Abstract:Post-training Quantization (PTQ) technique has been extensively adopted for large language models (LLMs) compression owing to its efficiency and low resource requirement. However, current research lacks a in-depth analysis of the superior and applicable scenarios of each PTQ strategy. In addition, existing algorithms focus primarily on performance, overlooking the trade-off among model size, performance, and quantization bitwidth. To mitigate these confusions, we provide a novel benchmark for LLMs PTQ in this paper. Firstly, in order to support our benchmark, we propose a comprehensive taxonomy for existing mainstream methods by scrutinizing their computational strategies (e.g., optimization-based, compensation-based, etc.). Then, we conduct extensive experiments with the baseline within each class, covering models with various sizes (7B-70B), bitwidths, training levels (LLaMA1/2/3/3.1), architectures (Mixtral, DeepSeekMoE and Mamba) and modality (LLaVA1.5 and VILA1.5) on a wide range of evaluation metrics.Through comparative analysis on the results, we summarize the superior of each PTQ strategy and modelsize-bitwidth trade-off considering the performance.

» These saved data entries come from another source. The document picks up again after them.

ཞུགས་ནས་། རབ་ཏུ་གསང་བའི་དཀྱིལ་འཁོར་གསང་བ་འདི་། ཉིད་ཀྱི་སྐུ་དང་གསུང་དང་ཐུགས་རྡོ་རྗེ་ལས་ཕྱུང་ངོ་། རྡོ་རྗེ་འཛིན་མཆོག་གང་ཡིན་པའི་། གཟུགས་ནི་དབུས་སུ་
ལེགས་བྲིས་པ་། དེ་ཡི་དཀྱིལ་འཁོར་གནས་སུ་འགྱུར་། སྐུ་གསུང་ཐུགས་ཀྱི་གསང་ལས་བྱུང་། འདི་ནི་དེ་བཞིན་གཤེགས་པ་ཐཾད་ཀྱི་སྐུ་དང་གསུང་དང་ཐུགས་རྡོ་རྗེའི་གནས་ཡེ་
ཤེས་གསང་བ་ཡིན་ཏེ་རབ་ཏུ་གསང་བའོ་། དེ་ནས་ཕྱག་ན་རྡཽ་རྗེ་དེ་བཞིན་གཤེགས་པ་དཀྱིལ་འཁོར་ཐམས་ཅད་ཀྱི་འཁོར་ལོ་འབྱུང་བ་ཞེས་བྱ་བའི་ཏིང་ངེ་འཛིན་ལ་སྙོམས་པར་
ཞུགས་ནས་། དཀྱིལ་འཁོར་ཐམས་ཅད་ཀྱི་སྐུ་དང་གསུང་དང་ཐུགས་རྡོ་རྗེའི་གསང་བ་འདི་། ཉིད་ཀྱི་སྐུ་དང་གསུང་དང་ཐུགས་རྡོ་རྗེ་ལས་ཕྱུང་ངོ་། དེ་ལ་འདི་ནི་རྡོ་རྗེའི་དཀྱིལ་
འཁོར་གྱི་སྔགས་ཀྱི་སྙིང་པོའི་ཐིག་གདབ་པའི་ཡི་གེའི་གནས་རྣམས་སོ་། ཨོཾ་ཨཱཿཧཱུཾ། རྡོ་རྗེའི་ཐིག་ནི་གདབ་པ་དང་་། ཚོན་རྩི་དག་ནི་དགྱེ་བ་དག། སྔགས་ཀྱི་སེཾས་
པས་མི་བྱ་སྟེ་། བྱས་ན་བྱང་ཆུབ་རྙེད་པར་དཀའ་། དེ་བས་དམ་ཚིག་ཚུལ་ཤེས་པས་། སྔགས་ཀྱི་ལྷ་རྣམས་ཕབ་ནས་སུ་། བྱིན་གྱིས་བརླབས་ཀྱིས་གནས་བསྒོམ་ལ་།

For example, our benchmark reveals that compensation-based technique demonstrates outstanding cross-architecture robustness and extremely low-bit PTQ for ultra large models should be reexamined. Finally, we further accordingly claim that a practical combination of compensation and other PTQ strategy can achieve SOTA various robustness. We believe that our benchmark will provide valuable recommendations for the deployment of LLMs and future research on PTQ approaches.